**TASK INSTRUCTIONS**
Restate the records in full and exactly, with no images included.

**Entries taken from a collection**
:::

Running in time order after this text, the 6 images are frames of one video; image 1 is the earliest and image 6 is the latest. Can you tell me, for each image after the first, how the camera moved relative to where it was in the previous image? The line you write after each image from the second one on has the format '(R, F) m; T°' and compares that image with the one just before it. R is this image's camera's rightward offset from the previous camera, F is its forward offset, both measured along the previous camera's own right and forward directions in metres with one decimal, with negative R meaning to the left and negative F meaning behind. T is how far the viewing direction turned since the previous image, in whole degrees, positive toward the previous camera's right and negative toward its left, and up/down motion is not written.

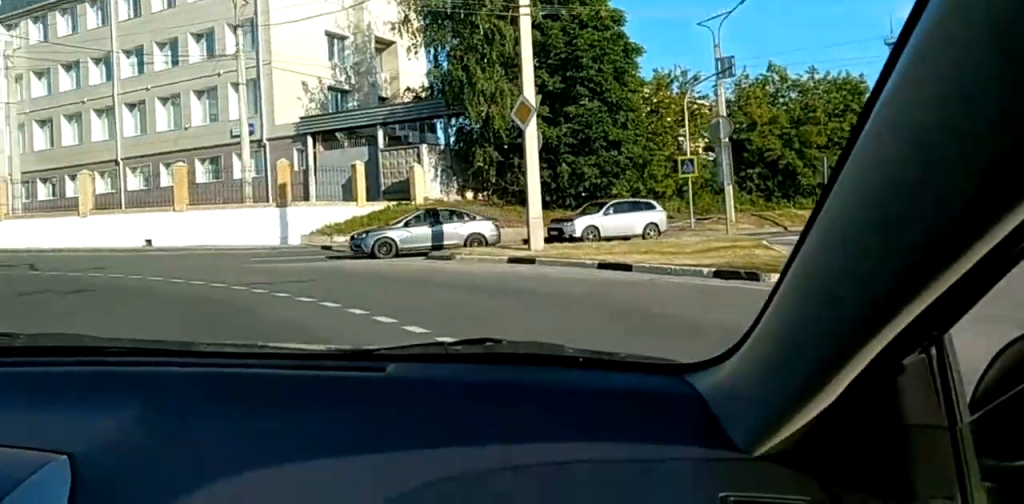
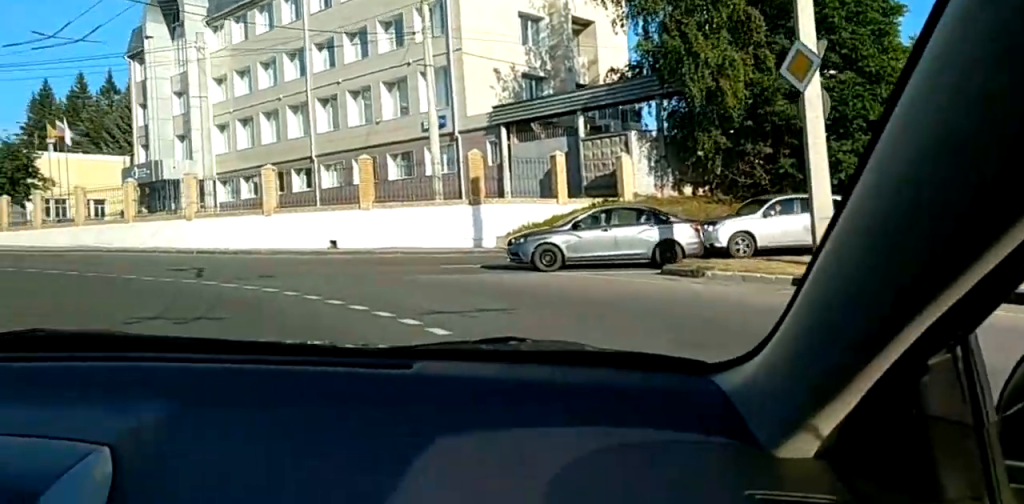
(-1.0, +6.0) m; -14°
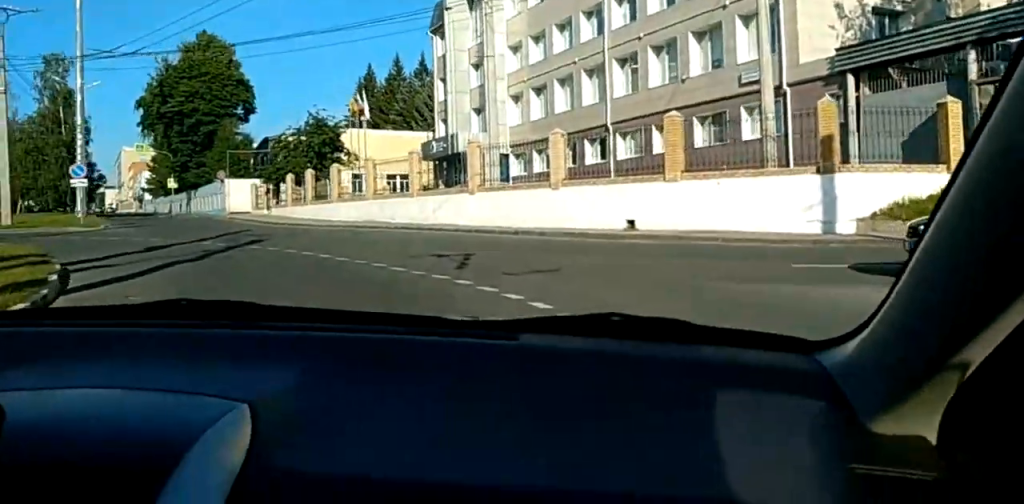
(-1.0, +6.6) m; -13°
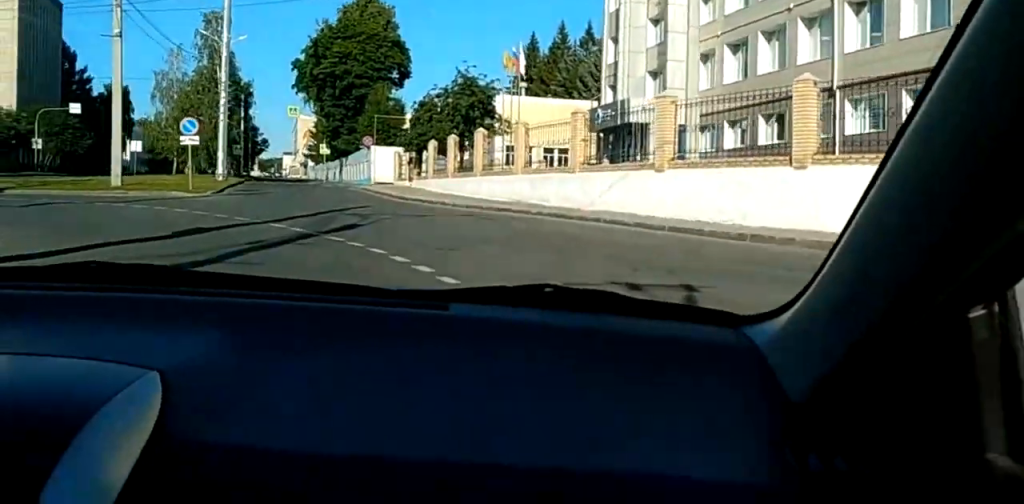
(-0.5, +8.1) m; -14°
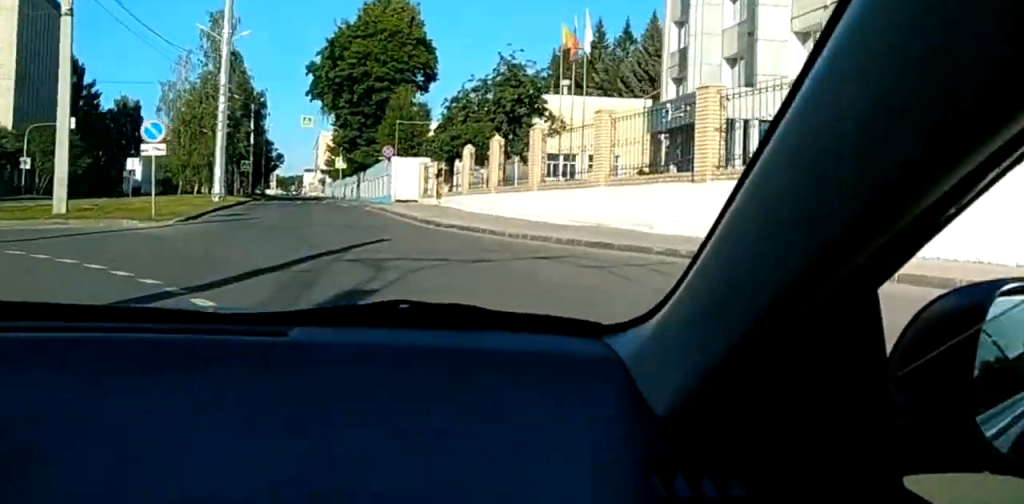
(-1.5, +7.9) m; -13°
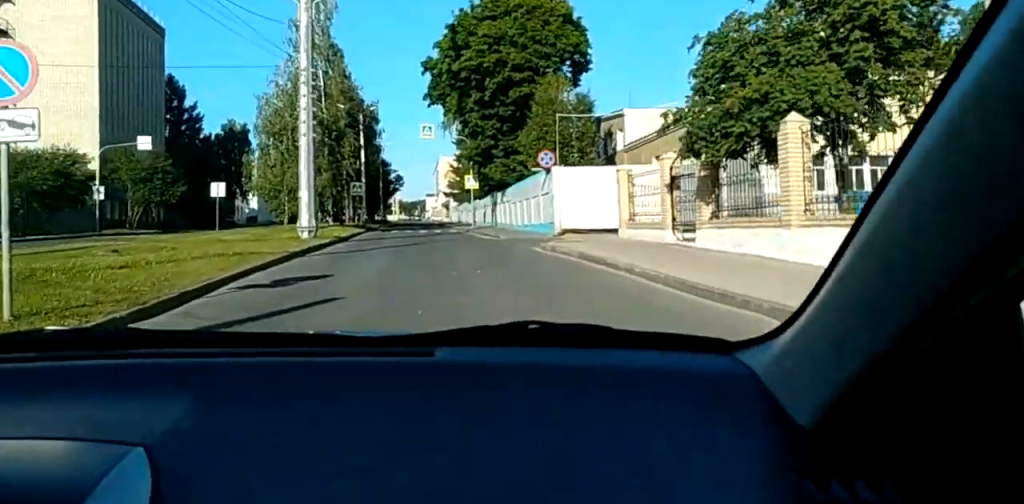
(-2.6, +17.0) m; -11°

:::

**ANSWER SECTION**
Running in time order after this text, the 6 images are frames of one video; image 1 is the earliest and image 6 is the latest. Can you tell me, for each image after the first, how the camera moved relative to where it was in the previous image? The line you write after each image from the second one on has the format '(R, F) m; T°' and compares that image with the one just before it. R is this image's camera's rightward offset from the previous camera, F is its forward offset, both measured along the previous camera's own right and forward directions in metres with one decimal, with negative R meaning to the left and negative F meaning behind. T is how far the viewing direction turned since the previous image, in whole degrees, positive toward the previous camera's right and negative toward its left, and up/down motion is not written.

(-1.0, +6.0) m; -14°
(-1.0, +6.6) m; -13°
(-0.5, +8.1) m; -14°
(-1.5, +7.9) m; -13°
(-2.6, +17.0) m; -11°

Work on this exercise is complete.